*Task description*: Across the data below, how many lines hold "circle"? Answer with that number and nothing else.

[Recorded data]
────────────────
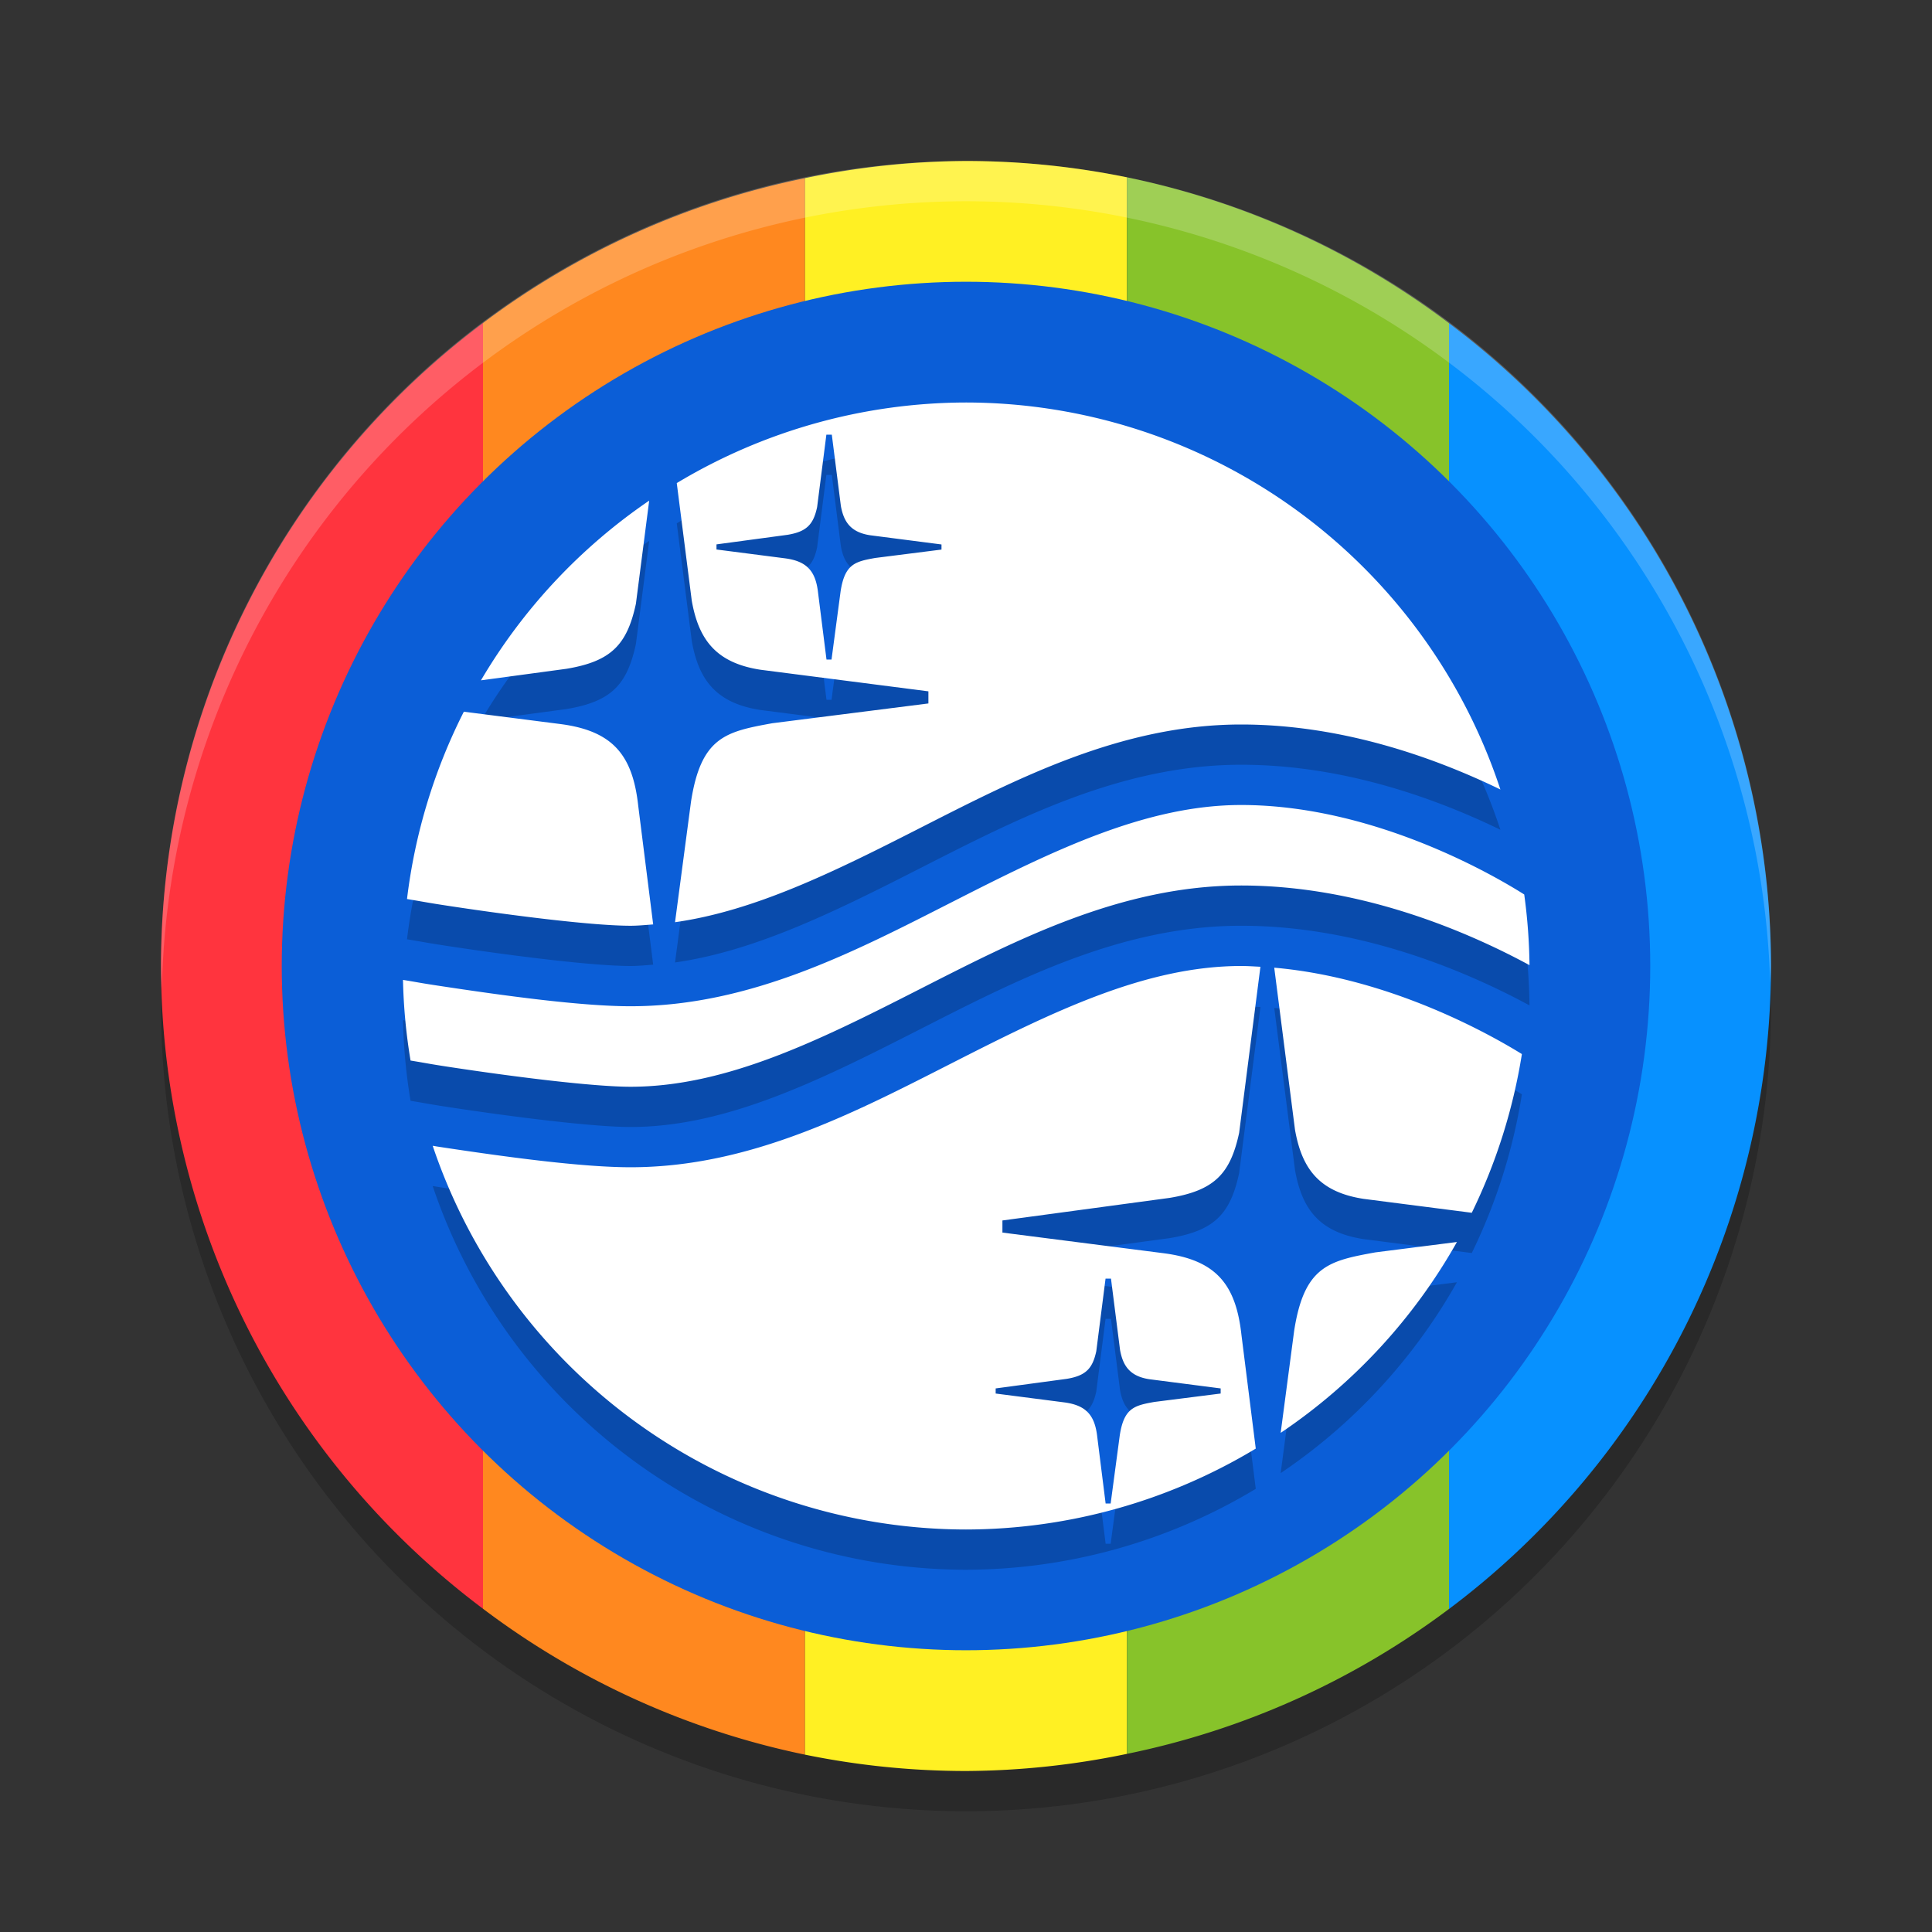 <svg xmlns="http://www.w3.org/2000/svg" width="48" height="48" version="1.1">
 <rect width="100%" height="100%" fill="#333333" stroke="none"/>
 <circle style="opacity:0.2" cx="24" cy="25" r="20"/>
 <path style="fill:#ff343e" d="M 12,8.025 A 20,20 0 0 0 4,24 20,20 0 0 0 12,39.969 Z"/>
 <path style="fill:#ff881f" d="M 20,4.426 A 20,20 0 0 0 12,8.025 V 39.969 a 20,20 0 0 0 8,3.625 z"/>
 <path style="fill:#fff023" d="M 24,4 A 20,20 0 0 0 20,4.426 V 43.594 A 20,20 0 0 0 24,44 20,20 0 0 0 28,43.574 V 4.406 A 20,20 0 0 0 24,4 Z"/>
 <path style="fill:#87c32a" d="m 28,4.406 v 39.168 a 20,20 0 0 0 8,-3.6 V 8.031 a 20,20 0 0 0 -8,-3.625 z"/>
 <path style="fill:#0791ff" d="M 36,8.031 V 39.975 A 20,20 0 0 0 44,24 20,20 0 0 0 36,8.031 Z"/>
 <circle style="fill:#0b5ed7" cx="24" cy="24" r="17"/>
 <path style="opacity:0.2" d="m 24,11 a 14,14 0 0 0 -7.186,2.002 l 0.373,2.924 c 0.171,0.962 0.599,1.542 1.703,1.713 l 4.176,0.537 v 0.301 l -3.881,0.492 c -1.145,0.209 -1.769,0.333 -2.018,1.955 l -0.396,2.988 c 1.977,-0.28 3.944,-1.249 6.014,-2.303 C 25.241,20.359 27.842,19 30.836,19 c 2.567,0 4.88,0.858 6.441,1.615 A 14,14 0 0 0 24,11 Z m -3.469,0.799 h 0.135 l 0.225,1.77 c 0.073,0.409 0.255,0.656 0.725,0.729 l 1.775,0.229 v 0.127 l -1.65,0.209 c -0.487,0.089 -0.752,0.142 -0.857,0.832 l -0.225,1.691 h -0.125 L 20.326,15.736 C 20.268,15.203 20.061,14.943 19.5,14.871 l -1.699,-0.219 v -0.127 l 1.766,-0.238 c 0.471,-0.078 0.641,-0.253 0.734,-0.688 z M 16.129,13.438 a 14,14 0 0 0 -4.18,4.465 l 2.125,-0.287 C 15.181,17.431 15.579,17.022 15.799,16 Z m -4.605,5.244 a 14,14 0 0 0 -1.412,4.654 c 0.464,0.077 0.487,0.088 1.068,0.176 C 12.812,23.759 14.75,24 15.666,24 c 0.188,0 0.375,-0.019 0.562,-0.033 L 15.857,21.023 C 15.72,19.77 15.236,19.157 13.916,18.988 Z M 30.836,21 C 28.463,21 26.148,22.141 23.693,23.391 21.239,24.64 18.646,26 15.666,26 c -1.227,0 -3.123,-0.259 -4.787,-0.512 -0.472,-0.072 -0.464,-0.077 -0.867,-0.143 a 14,14 0 0 0 0.188,2.004 c 0.439,0.072 0.447,0.081 0.98,0.162 C 12.812,27.759 14.75,28 15.666,28 c 2.355,0 4.664,-1.14 7.119,-2.391 C 25.241,24.359 27.842,23 30.836,23 33.835,23 36.502,24.168 38,24.979 a 14,14 0 0 0 -0.131,-1.756 C 37.226,22.816 34.188,21 30.836,21 Z m 0,4 C 28.463,25 26.148,26.141 23.693,27.391 21.239,28.64 18.646,30 15.666,30 c -1.227,0 -3.123,-0.259 -4.787,-0.512 -0.07,-0.011 -0.06,-0.011 -0.129,-0.021 A 14,14 0 0 0 24,39 14,14 0 0 0 31.199,36.99 L 30.844,34.17 c -0.137,-1.253 -0.622,-1.866 -1.941,-2.035 l -3.998,-0.512 v -0.301 l 4.154,-0.561 c 1.107,-0.184 1.507,-0.593 1.727,-1.615 l 0.529,-4.127 C 31.155,25.011 30.996,25 30.836,25 Z m 0.822,0.041 0.516,4.029 c 0.171,0.962 0.597,1.544 1.701,1.715 l 2.691,0.346 A 14,14 0 0 0 37.811,27.188 c -0.729,-0.45 -3.238,-1.891 -6.152,-2.146 z m 4.539,6.816 -2.027,0.258 c -1.145,0.209 -1.769,0.333 -2.018,1.955 l -0.334,2.529 a 14,14 0 0 0 4.379,-4.742 z m -8.73,0.91 h 0.135 l 0.225,1.77 c 0.073,0.409 0.255,0.656 0.725,0.729 l 1.775,0.229 v 0.127 l -1.65,0.209 c -0.487,0.089 -0.752,0.142 -0.857,0.832 L 27.594,38.354 h -0.125 l -0.207,-1.648 c -0.058,-0.533 -0.265,-0.793 -0.826,-0.865 l -1.699,-0.219 v -0.127 l 1.766,-0.238 c 0.471,-0.078 0.641,-0.253 0.734,-0.688 z"/>
 <path style="fill:#ffffff" d="m 24,10 a 14,14 0 0 0 -7.186,2.002 l 0.373,2.924 c 0.171,0.962 0.599,1.542 1.703,1.713 l 4.176,0.537 v 0.301 l -3.881,0.492 c -1.145,0.209 -1.769,0.333 -2.018,1.955 l -0.396,2.988 c 1.977,-0.28 3.944,-1.249 6.014,-2.303 C 25.241,19.359 27.842,18 30.836,18 c 2.567,0 4.88,0.858 6.441,1.615 A 14,14 0 0 0 24,10 Z m -3.469,0.799 h 0.135 l 0.225,1.77 c 0.073,0.409 0.255,0.656 0.725,0.729 l 1.775,0.229 v 0.127 l -1.65,0.209 c -0.487,0.089 -0.752,0.142 -0.857,0.832 l -0.225,1.691 h -0.125 L 20.326,14.736 C 20.268,14.203 20.061,13.943 19.5,13.871 l -1.699,-0.219 v -0.127 l 1.766,-0.238 c 0.471,-0.078 0.641,-0.253 0.734,-0.688 z M 16.129,12.438 a 14,14 0 0 0 -4.18,4.465 l 2.125,-0.287 C 15.181,16.431 15.579,16.022 15.799,15 Z m -4.605,5.244 a 14,14 0 0 0 -1.412,4.654 c 0.464,0.077 0.487,0.088 1.068,0.176 C 12.812,22.759 14.75,23 15.666,23 c 0.188,0 0.375,-0.019 0.562,-0.033 L 15.857,20.023 C 15.72,18.77 15.236,18.157 13.916,17.988 Z M 30.836,20 C 28.463,20 26.148,21.141 23.693,22.391 21.239,23.64 18.646,25 15.666,25 c -1.227,0 -3.123,-0.259 -4.787,-0.512 -0.472,-0.072 -0.464,-0.077 -0.867,-0.143 a 14,14 0 0 0 0.188,2.004 c 0.439,0.072 0.447,0.081 0.98,0.162 C 12.812,26.759 14.75,27 15.666,27 c 2.355,0 4.664,-1.14 7.119,-2.391 C 25.241,23.359 27.842,22 30.836,22 33.835,22 36.502,23.168 38,23.979 a 14,14 0 0 0 -0.131,-1.756 C 37.226,21.816 34.188,20 30.836,20 Z m 0,4 C 28.463,24 26.148,25.141 23.693,26.391 21.239,27.64 18.646,29 15.666,29 c -1.227,0 -3.123,-0.259 -4.787,-0.512 -0.07,-0.011 -0.06,-0.011 -0.129,-0.021 A 14,14 0 0 0 24,38 14,14 0 0 0 31.199,35.99 L 30.844,33.17 c -0.137,-1.253 -0.622,-1.866 -1.941,-2.035 l -3.998,-0.512 v -0.301 l 4.154,-0.561 c 1.107,-0.184 1.507,-0.593 1.727,-1.615 l 0.529,-4.127 C 31.155,24.011 30.996,24 30.836,24 Z m 0.822,0.041 0.516,4.029 c 0.171,0.962 0.597,1.544 1.701,1.715 l 2.691,0.346 A 14,14 0 0 0 37.811,26.188 c -0.729,-0.45 -3.238,-1.891 -6.152,-2.146 z m 4.539,6.816 -2.027,0.258 c -1.145,0.209 -1.769,0.333 -2.018,1.955 l -0.334,2.529 a 14,14 0 0 0 4.379,-4.742 z m -8.73,0.91 h 0.135 l 0.225,1.77 c 0.073,0.409 0.255,0.656 0.725,0.729 l 1.775,0.229 v 0.127 l -1.65,0.209 c -0.487,0.089 -0.752,0.142 -0.857,0.832 L 27.594,37.354 h -0.125 l -0.207,-1.648 c -0.058,-0.533 -0.265,-0.793 -0.826,-0.865 l -1.699,-0.219 v -0.127 l 1.766,-0.238 c 0.471,-0.078 0.641,-0.253 0.734,-0.688 z"/>
 <path style="opacity:0.2;fill:#ffffff" d="M 24,4 A 20,20 0 0 0 4,24 20,20 0 0 0 4.021,24.582 20,20 0 0 1 24,5 20,20 0 0 1 43.979,24.418 20,20 0 0 0 44,24 20,20 0 0 0 24,4 Z"/>
</svg>
────────────────
*Response area*: 2